Measurement of the isotopic composition of the residual methane showed an increasing residual methane δ¹³C with increasing conversion (Fig. 5) up to 60% conversion for all catalysts. The increase in δ¹³C (i.e., enrichment) in the remaining unreacted methane, meant more of the ¹²CH₄ was oxidized than ¹³CH₄. Across all copper loadings, FER and MOR showed very similar δ¹³C profiles over concentration. The average maximum δ¹³C for FER and MOR was −26 and −24 ‰, respectively. The more prominent difference for FER and MOR was that the average maximum δ¹³C value was observed at different total conversions; 92% and 82% conversion for MOR and FER, respectively. The apparent sharp depletion at high conversion rates for MOR and FER may be a consequence of the near total conversion, translating to very low methane levels that approach the limits of Picarro CRDS sensitivity (limit of detection of ¹²CH₄ is 1.8 ppm); if BEA and MFI where tested to these extreme conversions, the isotopic abundance as a function of total conversion would likely show the same behavior. BEA and MFI, the least and most reactive catalysts, exhibited different isotopic fractionation trends as compared to MOR and FER. BEA had a more gradual increasing δ¹³C trend as conversion increased across copper loading, with 3.4 and 5.0 wt% reaching a maximum δ¹³C of −30‰. The low copper loadings of BEA at 500 °C (the highest measured conversion) began to deviate from the trajectory of the higher loadings with 1.9 BEA reaching −26‰ and 2.5 BEA reaching −28‰. The most striking differences were observed for MFI, which displayed similar δ¹³C trends across copper loadings up to 35% conversion. At higher methane conversions, 1.9 MFI and 2.5 MFI inflected upwards, reaching a maximum value of −19‰ and −17‰, respectively, suggesting that a unique mode of fractionation dominated the isotopic abundance measurements of these two catalysts.

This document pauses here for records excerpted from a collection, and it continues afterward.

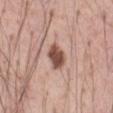{
  "biopsy_status": "not biopsied; imaged during a skin examination",
  "lighting": "white-light",
  "site": "abdomen",
  "image": {
    "source": "total-body photography crop",
    "field_of_view_mm": 15
  },
  "automated_metrics": {
    "cielab_L": 50,
    "cielab_a": 21,
    "cielab_b": 26,
    "vs_skin_darker_L": 16.0,
    "vs_skin_contrast_norm": 11.0,
    "border_irregularity_0_10": 2.5,
    "color_variation_0_10": 3.5,
    "peripheral_color_asymmetry": 1.0
  },
  "patient": {
    "sex": "male",
    "age_approx": 55
  },
  "lesion_size": {
    "long_diameter_mm_approx": 3.5
  }
}

The upward inflection in both BEA and MFI could result from the onset of diffusion limitations. However, due to the multiple drivers of fractionation, further characterization would be required to build evidence in support of a particular dominant mechanism. To date, no other methane oxidation studies used natural abundance of ¹³C to assess diffusional or kinetic enhancement (one study used a ¹³C tracer in PMO to confirm catalytic turnover on the copper active sites).⁵⁹ Isotope tracer studies obfuscate any fractionation effects due to the overwhelming presence of a single isotope. Here, the highly variable fractionation across copper loading in the MFI isotopic abundance plots could plausibly result from a diffusional effect. This is partially supported by the screening experiment (Fig. 2C), which may have shown a diffusional effect difference at high conversions between the low (1.9 and 2.5 wt%) and high (3.5 and 4.3 wt%) loading MFI and the DR UV-vis experiment, which showed segregation of behavior between 2.5 and 3.5 MFI, potentially due to nanocluster or particle formation. Hypothesized nanoparticles could be investigated by trying to increase or decrease their formation during preparation and direct investigation of particle presence (e.g. with X-ray absorption spectroscopy (XAS) and transmission electron microscopy (TEM)). This, coupled with detailed batch and flow studies of the isotopic phenomenon as a function of catalyst type and proposed active sites in isolation, could be used to better constrain the underlying chemical physics driving complete methane oxidation in metal-doped zeolite catalysts.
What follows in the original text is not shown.